### Work to complete
Set down a true copy of the data, with all pictures left out.

Saved entries:
━━━━━━━━━━━━━━━━━━━━

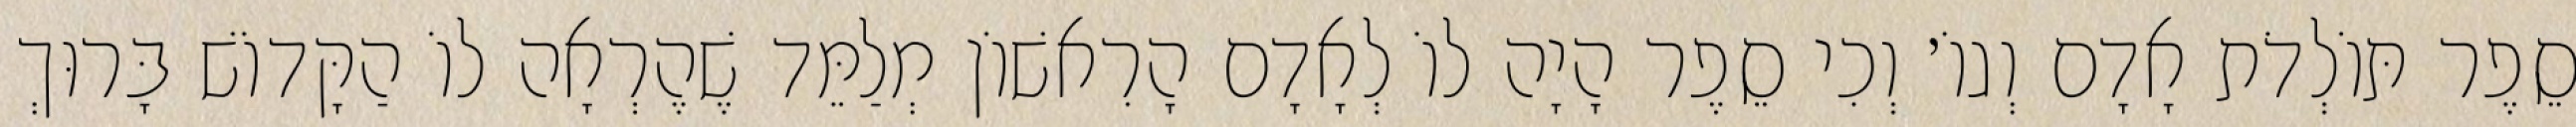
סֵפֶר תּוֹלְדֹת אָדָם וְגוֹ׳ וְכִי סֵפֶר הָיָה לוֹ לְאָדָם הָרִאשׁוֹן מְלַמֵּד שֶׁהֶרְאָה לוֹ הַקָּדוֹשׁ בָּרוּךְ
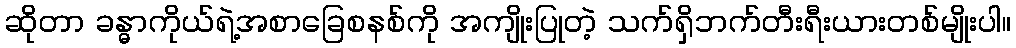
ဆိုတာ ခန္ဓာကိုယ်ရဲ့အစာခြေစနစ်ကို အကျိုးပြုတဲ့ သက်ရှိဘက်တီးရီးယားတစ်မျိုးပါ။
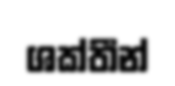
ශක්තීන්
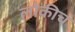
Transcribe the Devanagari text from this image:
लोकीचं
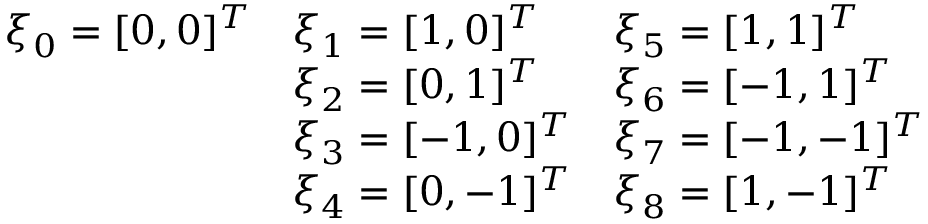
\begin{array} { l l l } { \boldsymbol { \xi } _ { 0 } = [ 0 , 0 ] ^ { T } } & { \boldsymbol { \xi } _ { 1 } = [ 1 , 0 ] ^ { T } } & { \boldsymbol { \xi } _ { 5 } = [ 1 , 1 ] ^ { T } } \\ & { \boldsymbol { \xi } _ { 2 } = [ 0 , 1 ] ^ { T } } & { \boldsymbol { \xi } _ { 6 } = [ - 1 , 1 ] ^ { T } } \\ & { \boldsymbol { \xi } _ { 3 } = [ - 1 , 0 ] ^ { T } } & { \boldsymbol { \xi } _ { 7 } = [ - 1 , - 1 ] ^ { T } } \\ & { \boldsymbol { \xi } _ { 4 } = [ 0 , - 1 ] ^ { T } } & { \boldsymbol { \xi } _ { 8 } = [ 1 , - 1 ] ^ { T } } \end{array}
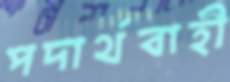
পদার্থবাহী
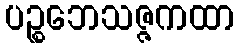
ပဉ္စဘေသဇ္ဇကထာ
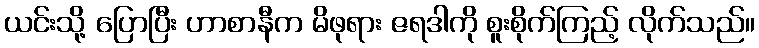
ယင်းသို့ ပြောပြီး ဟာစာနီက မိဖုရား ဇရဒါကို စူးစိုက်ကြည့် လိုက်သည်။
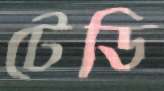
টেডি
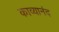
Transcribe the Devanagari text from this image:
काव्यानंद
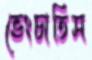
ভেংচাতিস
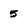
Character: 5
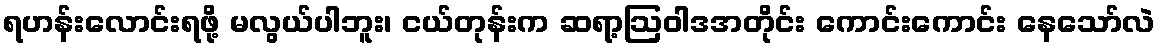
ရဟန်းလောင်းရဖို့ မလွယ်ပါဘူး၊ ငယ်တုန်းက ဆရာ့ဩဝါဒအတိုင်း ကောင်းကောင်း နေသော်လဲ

━━━━━━━━━━━━━━━━━━━━

### Answer section
סֵפֶר תּוֹלְדֹת אָדָם וְגוֹ׳ וְכִי סֵפֶר הָיָה לוֹ לְאָדָם הָרִאשׁוֹן מְלַמֵּד שֶׁהֶרְאָה לוֹ הַקָּדוֹשׁ בָּרוּךְ
ဆိုတာ ခန္ဓာကိုယ်ရဲ့အစာခြေစနစ်ကို အကျိုးပြုတဲ့ သက်ရှိဘက်တီးရီးယားတစ်မျိုးပါ။
ශක්තීන්
Transcribe the Devanagari text from this image:
लोकीचं
\begin{array} { l l l } { \boldsymbol { \xi } _ { 0 } = [ 0 , 0 ] ^ { T } } & { \boldsymbol { \xi } _ { 1 } = [ 1 , 0 ] ^ { T } } & { \boldsymbol { \xi } _ { 5 } = [ 1 , 1 ] ^ { T } } \\ & { \boldsymbol { \xi } _ { 2 } = [ 0 , 1 ] ^ { T } } & { \boldsymbol { \xi } _ { 6 } = [ - 1 , 1 ] ^ { T } } \\ & { \boldsymbol { \xi } _ { 3 } = [ - 1 , 0 ] ^ { T } } & { \boldsymbol { \xi } _ { 7 } = [ - 1 , - 1 ] ^ { T } } \\ & { \boldsymbol { \xi } _ { 4 } = [ 0 , - 1 ] ^ { T } } & { \boldsymbol { \xi } _ { 8 } = [ 1 , - 1 ] ^ { T } } \end{array}
পদার্থবাহী
ပဉ္စဘေသဇ္ဇကထာ
ယင်းသို့ ပြောပြီး ဟာစာနီက မိဖုရား ဇရဒါကို စူးစိုက်ကြည့် လိုက်သည်။
টেডি
Transcribe the Devanagari text from this image:
काव्यानंद
ভেংচাতিস
Character: 5
ရဟန်းလောင်းရဖို့ မလွယ်ပါဘူး၊ ငယ်တုန်းက ဆရာ့ဩဝါဒအတိုင်း ကောင်းကောင်း နေသော်လဲ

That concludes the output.